Friday, September 17, 2010

In The Time It Takes...

She delivered the news rather matter of factly. When she had gotten sober eight years ago she and her beau had had a hard relationship; hard drinking, hard sex, hard loving and hard knocks.

But she felt that had she not sobered up she would have gradually plunged down the hole of despair, desperate drinking and debauchery, she dragging him down and him returning the favor, pounding down drinks, drugs; using hard and living hard and fast.

So she cleaned up her act eight years ago and never looked back. And every now and then she would try to bring him along, each time tentatively testing the waters and then scurrying away as if bringing the sober word to him were the bogey man of his life.

Eight years passed. Last Friday she invited him to dinner and she made another cautious attempt to bring him into the fold and at last he seemed to finally get it and made a promise to try ever so hard to approach a sober life. Today would be the day.

She went home with some nervous trepidation but hopeful at the possible breakthrough until she heard the message on the answer machine. He had thought it over and he could not see himself honestly in sobriety and was sorry that he could not breach the rift of those years of pain.

And this morning she received a phone call that he was dead.

Just like that. Dead. The rift was too great the Stygian waters too swift and deep. What he was saying was that it was too late for him, for salvation and he was checking out.
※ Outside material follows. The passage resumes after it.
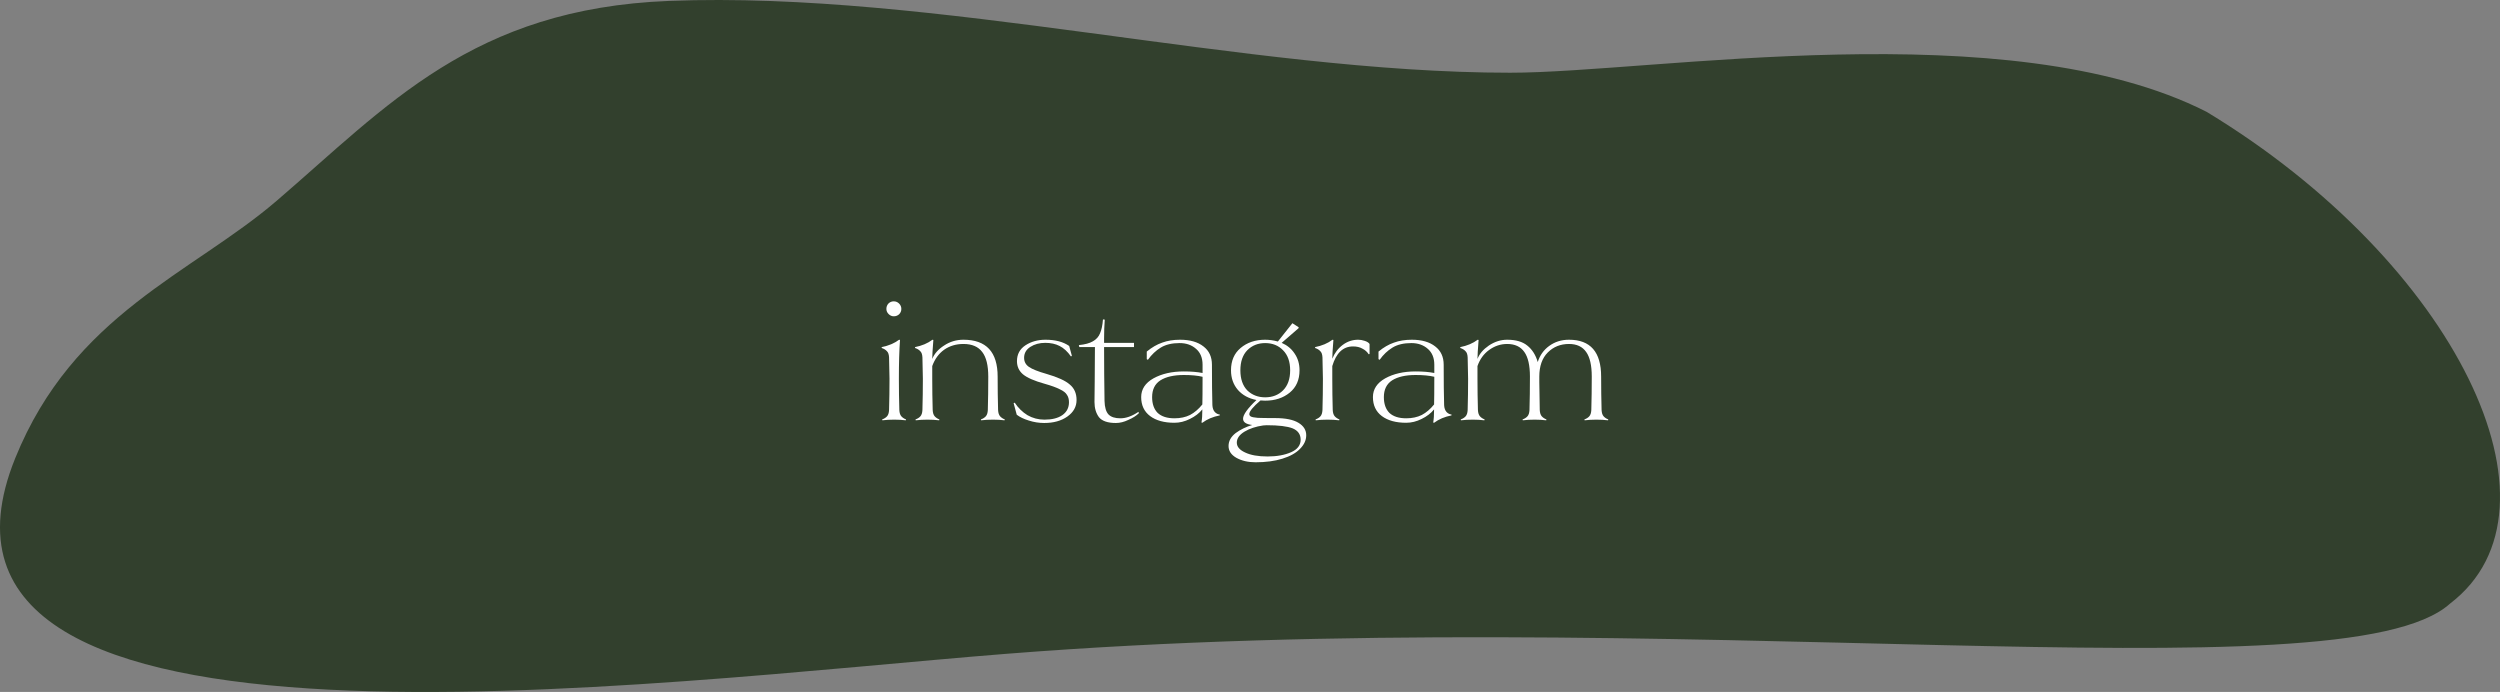 <?xml version="1.0" encoding="UTF-8"?> <svg xmlns="http://www.w3.org/2000/svg" width="224" height="62" viewBox="0 0 224 62" fill="none"><rect x="0" y="0" width="224" height="62" fill="#808080" stroke="none"/> <g clip-path="url(#clip0_40_477)"> <path d="M59.957 0.081C42.326 0.769 34.69 9.5 24.779 18C17.199 24.5 6.582 28.153 1.362 41.06C-10.535 70.479 58.555 61.086 90.151 58.583C149.89 53.85 209.996 62.72 219.53 54.077C230.692 45.566 220.037 23.538 197.713 10.021C179.955 1.009 148.066 6.516 135.307 6.516C111.528 6.516 83.737 -0.847 59.957 0.081Z" fill="#32402D"></path> <path d="M80.76 27.68C80.76 27.867 80.693 28.027 80.56 28.16C80.427 28.28 80.267 28.34 80.08 28.34C79.907 28.34 79.753 28.273 79.62 28.14C79.487 28.007 79.42 27.853 79.42 27.68C79.42 27.493 79.48 27.333 79.6 27.2C79.733 27.067 79.893 27 80.08 27C80.267 27 80.427 27.067 80.56 27.2C80.693 27.333 80.76 27.493 80.76 27.68ZM81.16 37.66C80.84 37.62 80.493 37.6 80.12 37.6C79.733 37.6 79.38 37.62 79.06 37.66L79.04 37.58C79.227 37.513 79.373 37.42 79.48 37.3C79.587 37.18 79.647 36.993 79.66 36.74C79.687 35.807 79.7 34.873 79.7 33.94L79.66 32.02C79.647 31.753 79.58 31.567 79.46 31.46C79.353 31.34 79.2 31.247 79 31.18V31.1C79.613 30.98 80.133 30.76 80.56 30.44L80.64 30.46C80.573 31.393 80.54 32.553 80.54 33.94C80.54 34.873 80.553 35.807 80.58 36.74C80.593 36.993 80.653 37.18 80.76 37.3C80.867 37.42 81.007 37.513 81.18 37.58L81.16 37.66Z" fill="white"></path> <path d="M90.009 37.66C89.689 37.62 89.342 37.6 88.969 37.6C88.582 37.6 88.229 37.62 87.909 37.66L87.889 37.58C88.076 37.513 88.222 37.42 88.329 37.3C88.436 37.18 88.496 36.993 88.509 36.74C88.536 35.807 88.549 34.807 88.549 33.74C88.549 32.74 88.369 32.007 88.009 31.54C87.649 31.06 87.089 30.82 86.329 30.82C85.662 30.82 85.082 30.993 84.589 31.34C84.109 31.687 83.756 32.173 83.529 32.8V33.94C83.529 34.873 83.542 35.807 83.569 36.74C83.582 36.993 83.642 37.18 83.749 37.3C83.856 37.42 83.996 37.513 84.169 37.58L84.149 37.66C83.829 37.62 83.482 37.6 83.109 37.6C82.722 37.6 82.369 37.62 82.049 37.66L82.029 37.58C82.216 37.513 82.362 37.42 82.469 37.3C82.576 37.18 82.636 36.993 82.649 36.74C82.676 35.807 82.689 34.873 82.689 33.94L82.649 32.02C82.636 31.753 82.569 31.567 82.449 31.46C82.342 31.34 82.189 31.247 81.989 31.18V31.1C82.602 30.98 83.122 30.76 83.549 30.44L83.629 30.46C83.562 31.3 83.529 31.867 83.529 32.16C83.716 31.693 84.069 31.293 84.589 30.96C85.109 30.613 85.689 30.44 86.329 30.44C88.369 30.44 89.389 31.54 89.389 33.74C89.389 34.807 89.402 35.807 89.429 36.74C89.442 36.993 89.502 37.18 89.609 37.3C89.716 37.42 89.856 37.513 90.029 37.58L90.009 37.66Z" fill="white"></path> <path d="M96.46 35.84C96.46 36.44 96.186 36.933 95.64 37.32C95.093 37.707 94.4 37.9 93.56 37.9C93.093 37.9 92.633 37.827 92.18 37.68C91.74 37.547 91.38 37.373 91.1 37.16L90.82 36.12L90.92 36.08C91.227 36.547 91.606 36.92 92.06 37.2C92.526 37.467 93.033 37.6 93.58 37.6C94.26 37.6 94.793 37.467 95.18 37.2C95.58 36.92 95.78 36.533 95.78 36.04C95.78 35.773 95.72 35.553 95.6 35.38C95.493 35.193 95.28 35.027 94.96 34.88C94.653 34.72 94.193 34.553 93.58 34.38C92.673 34.127 92.033 33.847 91.66 33.54C91.3 33.233 91.12 32.84 91.12 32.36C91.12 31.747 91.373 31.273 91.88 30.94C92.386 30.607 92.987 30.44 93.68 30.44C94.56 30.44 95.266 30.627 95.8 31L96.04 31.88L95.96 31.94C95.653 31.5 95.313 31.187 94.94 31C94.58 30.813 94.153 30.72 93.66 30.72C93.14 30.72 92.693 30.84 92.32 31.08C91.947 31.32 91.76 31.647 91.76 32.06C91.76 32.407 91.906 32.68 92.2 32.88C92.493 33.08 93.013 33.287 93.76 33.5C94.773 33.793 95.473 34.113 95.86 34.46C96.26 34.793 96.46 35.253 96.46 35.84Z" fill="white"></path> <path d="M102.046 37.02C101.82 37.247 101.506 37.447 101.106 37.62C100.72 37.807 100.346 37.9 99.986 37.9C99.253 37.9 98.746 37.727 98.466 37.38C98.2 37.02 98.066 36.567 98.066 36.02C98.066 35.247 98.073 34.633 98.086 34.18L98.106 31.1H96.706L96.666 30.92C97.213 30.867 97.633 30.753 97.926 30.58C98.233 30.407 98.446 30.167 98.566 29.86C98.7 29.553 98.786 29.14 98.826 28.62L98.986 28.64C98.946 29.173 98.926 29.733 98.926 30.32V30.72H101.606V31.1H98.926C98.926 32.74 98.94 34.347 98.966 35.92C98.98 36.493 99.1 36.9 99.326 37.14C99.553 37.367 99.906 37.48 100.386 37.48C100.893 37.48 101.433 37.287 102.006 36.9L102.046 37.02Z" fill="white"></path> <path d="M109.29 37.22C108.677 37.34 108.157 37.56 107.73 37.88L107.65 37.86C107.703 37.58 107.73 37.187 107.73 36.68C107.45 37.027 107.077 37.313 106.61 37.54C106.157 37.767 105.697 37.88 105.23 37.88C104.31 37.88 103.583 37.68 103.05 37.28C102.517 36.88 102.25 36.313 102.25 35.58C102.25 34.873 102.617 34.313 103.35 33.9C104.097 33.487 105.003 33.28 106.07 33.28C106.723 33.28 107.283 33.327 107.75 33.42V32.68C107.75 32.067 107.557 31.593 107.17 31.26C106.783 30.913 106.29 30.74 105.69 30.74C105.01 30.74 104.45 30.873 104.01 31.14C103.57 31.407 103.183 31.773 102.85 32.24L102.75 32.18V31.5C103.203 31.127 103.663 30.86 104.13 30.7C104.597 30.527 105.13 30.44 105.73 30.44C106.623 30.44 107.323 30.64 107.83 31.04C108.337 31.427 108.59 31.973 108.59 32.68C108.59 34.16 108.603 35.367 108.63 36.3C108.643 36.567 108.717 36.773 108.85 36.92C108.983 37.053 109.13 37.127 109.29 37.14V37.22ZM107.75 33.76C107.31 33.653 106.75 33.6 106.07 33.6C105.177 33.6 104.477 33.76 103.97 34.08C103.477 34.4 103.23 34.9 103.23 35.58C103.23 36.193 103.397 36.667 103.73 37C104.077 37.32 104.577 37.48 105.23 37.48C105.763 37.48 106.23 37.38 106.63 37.18C107.03 36.967 107.397 36.653 107.73 36.24C107.743 35.84 107.75 35.013 107.75 33.76Z" fill="white"></path> <path d="M114.258 37.46C115.178 37.46 115.871 37.6 116.338 37.88C116.805 38.16 117.038 38.533 117.038 39C117.038 39.44 116.851 39.847 116.478 40.22C116.118 40.593 115.591 40.887 114.898 41.1C114.218 41.313 113.418 41.42 112.498 41.42C111.831 41.42 111.258 41.287 110.778 41.02C110.311 40.753 110.078 40.4 110.078 39.96C110.078 39.52 110.291 39.133 110.718 38.8C111.158 38.48 111.651 38.24 112.198 38.08C111.651 38.013 111.378 37.827 111.378 37.52C111.378 37.16 111.778 36.6 112.578 35.84C111.885 35.707 111.331 35.407 110.918 34.94C110.505 34.46 110.298 33.873 110.298 33.18C110.298 32.327 110.585 31.66 111.158 31.18C111.745 30.687 112.478 30.44 113.358 30.44C113.731 30.44 114.111 30.493 114.498 30.6L115.798 28.96L116.358 29.32V29.4L114.838 30.72C115.331 30.933 115.718 31.253 115.998 31.68C116.291 32.107 116.438 32.607 116.438 33.18C116.438 34.033 116.145 34.7 115.558 35.18C114.971 35.66 114.238 35.9 113.358 35.9C113.171 35.9 113.031 35.893 112.938 35.88C112.271 36.453 111.938 36.86 111.938 37.1C111.938 37.193 111.985 37.267 112.078 37.32C112.171 37.373 112.378 37.413 112.698 37.44C113.031 37.453 113.551 37.46 114.258 37.46ZM111.138 33.18C111.138 33.953 111.345 34.553 111.758 34.98C112.185 35.393 112.718 35.6 113.358 35.6C114.011 35.6 114.545 35.393 114.958 34.98C115.385 34.553 115.598 33.953 115.598 33.18C115.598 32.407 115.385 31.807 114.958 31.38C114.545 30.953 114.011 30.74 113.358 30.74C112.718 30.74 112.185 30.953 111.758 31.38C111.345 31.807 111.138 32.407 111.138 33.18ZM113.578 40.9C114.405 40.9 115.105 40.773 115.678 40.52C116.251 40.267 116.538 39.893 116.538 39.4C116.538 38.92 116.298 38.58 115.818 38.38C115.338 38.193 114.565 38.1 113.498 38.1C113.378 38.1 113.271 38.107 113.178 38.12C112.525 38.213 111.965 38.4 111.498 38.68C111.045 38.96 110.818 39.287 110.818 39.66C110.818 40.02 111.065 40.313 111.558 40.54C112.051 40.78 112.725 40.9 113.578 40.9Z" fill="white"></path> <path d="M122.633 31.74C122.5 31.527 122.313 31.36 122.073 31.24C121.846 31.107 121.566 31.04 121.233 31.04C120.34 31.04 119.719 31.627 119.373 32.8V33.94C119.373 34.873 119.386 35.807 119.413 36.74C119.426 36.993 119.486 37.18 119.593 37.3C119.7 37.42 119.84 37.513 120.013 37.58L119.993 37.66C119.673 37.62 119.326 37.6 118.953 37.6C118.566 37.6 118.213 37.62 117.893 37.66L117.873 37.58C118.059 37.513 118.206 37.42 118.313 37.3C118.42 37.18 118.479 36.993 118.493 36.74C118.519 35.807 118.533 34.873 118.533 33.94L118.493 32.02C118.479 31.753 118.413 31.567 118.293 31.46C118.186 31.34 118.033 31.247 117.833 31.18V31.1C118.446 30.98 118.966 30.76 119.393 30.44L119.473 30.46C119.406 31.3 119.373 31.86 119.373 32.14C119.586 31.62 119.9 31.207 120.313 30.9C120.726 30.593 121.186 30.44 121.693 30.44C121.88 30.44 122.073 30.473 122.273 30.54C122.486 30.607 122.633 30.7 122.713 30.82V31.72L122.633 31.74Z" fill="white"></path> <path d="M130.054 37.22C129.441 37.34 128.921 37.56 128.494 37.88L128.414 37.86C128.467 37.58 128.494 37.187 128.494 36.68C128.214 37.027 127.841 37.313 127.374 37.54C126.921 37.767 126.461 37.88 125.994 37.88C125.074 37.88 124.347 37.68 123.814 37.28C123.281 36.88 123.014 36.313 123.014 35.58C123.014 34.873 123.381 34.313 124.114 33.9C124.861 33.487 125.767 33.28 126.834 33.28C127.487 33.28 128.047 33.327 128.514 33.42V32.68C128.514 32.067 128.321 31.593 127.934 31.26C127.547 30.913 127.054 30.74 126.454 30.74C125.774 30.74 125.214 30.873 124.774 31.14C124.334 31.407 123.947 31.773 123.614 32.24L123.514 32.18V31.5C123.967 31.127 124.427 30.86 124.894 30.7C125.361 30.527 125.894 30.44 126.494 30.44C127.387 30.44 128.087 30.64 128.594 31.04C129.101 31.427 129.354 31.973 129.354 32.68C129.354 34.16 129.367 35.367 129.394 36.3C129.407 36.567 129.481 36.773 129.614 36.92C129.747 37.053 129.894 37.127 130.054 37.14V37.22ZM128.514 33.76C128.074 33.653 127.514 33.6 126.834 33.6C125.941 33.6 125.241 33.76 124.734 34.08C124.241 34.4 123.994 34.9 123.994 35.58C123.994 36.193 124.161 36.667 124.494 37C124.841 37.32 125.341 37.48 125.994 37.48C126.527 37.48 126.994 37.38 127.394 37.18C127.794 36.967 128.161 36.653 128.494 36.24C128.507 35.84 128.514 35.013 128.514 33.76Z" fill="white"></path> <path d="M144.082 37.66C143.762 37.62 143.416 37.6 143.042 37.6C142.656 37.6 142.302 37.62 141.982 37.66L141.962 37.58C142.149 37.513 142.295 37.42 142.402 37.3C142.509 37.18 142.569 36.993 142.582 36.74C142.609 35.807 142.622 34.807 142.622 33.74C142.622 32.74 142.456 32.007 142.122 31.54C141.789 31.06 141.275 30.82 140.582 30.82C139.822 30.82 139.189 31.073 138.682 31.58C138.176 32.087 137.922 32.807 137.922 33.74V34.24L137.962 36.74C137.975 36.993 138.035 37.18 138.142 37.3C138.249 37.42 138.389 37.513 138.562 37.58L138.542 37.66C138.222 37.62 137.876 37.6 137.502 37.6C137.116 37.6 136.762 37.62 136.442 37.66L136.422 37.58C136.609 37.513 136.756 37.42 136.862 37.3C136.969 37.18 137.029 36.993 137.042 36.74C137.069 35.807 137.082 34.807 137.082 33.74C137.082 32.74 136.915 32.007 136.582 31.54C136.249 31.06 135.736 30.82 135.042 30.82C134.456 30.82 133.916 31 133.422 31.36C132.942 31.707 132.596 32.187 132.382 32.8V33.94C132.382 34.873 132.396 35.807 132.422 36.74C132.436 36.993 132.496 37.18 132.602 37.3C132.709 37.42 132.849 37.513 133.022 37.58L133.002 37.66C132.682 37.62 132.335 37.6 131.962 37.6C131.575 37.6 131.222 37.62 130.902 37.66L130.882 37.58C131.069 37.513 131.216 37.42 131.322 37.3C131.429 37.18 131.489 36.993 131.502 36.74C131.529 35.807 131.542 34.873 131.542 33.94L131.502 32.02C131.489 31.753 131.422 31.567 131.302 31.46C131.196 31.34 131.042 31.247 130.842 31.18V31.1C131.455 30.98 131.975 30.76 132.402 30.44L132.482 30.46C132.416 31.3 132.382 31.867 132.382 32.16C132.556 31.707 132.895 31.307 133.402 30.96C133.922 30.613 134.469 30.44 135.042 30.44C135.816 30.44 136.415 30.613 136.842 30.96C137.282 31.307 137.595 31.8 137.782 32.44C137.969 31.84 138.309 31.36 138.802 31C139.309 30.627 139.902 30.44 140.582 30.44C142.502 30.44 143.462 31.54 143.462 33.74C143.462 34.807 143.476 35.807 143.502 36.74C143.516 36.993 143.576 37.18 143.682 37.3C143.789 37.42 143.929 37.513 144.102 37.58L144.082 37.66Z" fill="white"></path> </g> <defs> <clipPath id="clip0_40_477"> <rect width="224" height="62" fill="white"></rect> </clipPath> </defs> </svg>

She told us this so matter of factly because death, of late in the rooms has become rather matter of fact. But life for her and the rest of us requires these precious daily reminders to keep us coming back; reminders that it takes no time at all for death to claim us - only the time it takes to go out to dinner.

Monday, September 6, 2010

Slips, Inevitablity or Part of the Growth?

It is Labor Day here in the United States and if the typical course of events is to play out today, there will be much celebration, family and friend get-togethers and the usual holiday libations. If memory serves well those festivities will tend towards the over zealous and more inebriated and therefore are to be avoided or stood apart from by those of us in AA. And of course this morning's AA meeting, which was attended by at least sixty bright eyed drunks focused on the perils of holidays and the dangers of "slips".

The meeting was a beginners meeting and there were many in their first week of sobriety, some recently returned from 'experimenting' after periods of sobriety ("maybe I can have just one drink"), and others just joining the fellowship in order to achieve a modicum of peace in their lives trying to pick themselves up from the wreckage of some former existence. And the moderator turned the discussion to the topic of trying to avoid slips because, (and he quoted another AA from a few days before, "a drink isn't just a slip, it is a disaster"). And Emit shot his hand up to tell his story how he had after two sober years found himself romancing a drink in the most peculiar set of circumstances.

Emit had been two years sober, tidied up a previously codependent relationship, steadied his financial footing and generally regained years of whittling away of his physical and social life till he was well on the way to recovering a new life. So when he went on a date he felt he had his sobriety under control. She offered some wine and he felt he had this whole thing under control and would be able to take a glass of wine.

Two days later in jail, having committed a crime in a blackout, his fiscal and social equanimity in a shambles he now learned that he cannot trust himself with one glass of wine. Because, he now knows that that led to 4 liters of vodka, blackouts, violent behavior and the lock up.

There are those who maintain that slips are not a requirement for growth in the program and others who warn that there is no guarantee that if you go out you will ever come back in. My experience has led me to believe that for myself, I could not convince myself of the severity of my disease until I "slipped" once, twice, three times, each time the recovery being more difficult, each time the fall even farther, each time hitting bottom even harder. But for me, and for most others sobriety does not come without a spiritual awakening and until that point sobriety only means not drinking and that is just being a dry drunk.

Until I began to see that I needed to cleanse my soul, to look into the center of my being, sobriety meant and would mean very little to and for me. Until this last time when I saw the reason for being sober. Actually I did not "see" any reason at all but rather "felt" the need for sobriety... the "need" to live. And until that happened, I would have never appreciated or understood life without a drink.

So as to whether slipping is the 'organic' way that one achieves sobriety, there are many who will attest to the fact that it is not a requirement.But for those lost souls like myself, if we are lucky enough to find our will and need to live before alcoholism claims us, then slips probably are an organic and inevitable part of the cycle of recovery.

Because one can try to adopt the steps with all one's heart, but actually believing them to the point where you can save yourself is where the promise of AA meets that desperate hope for life.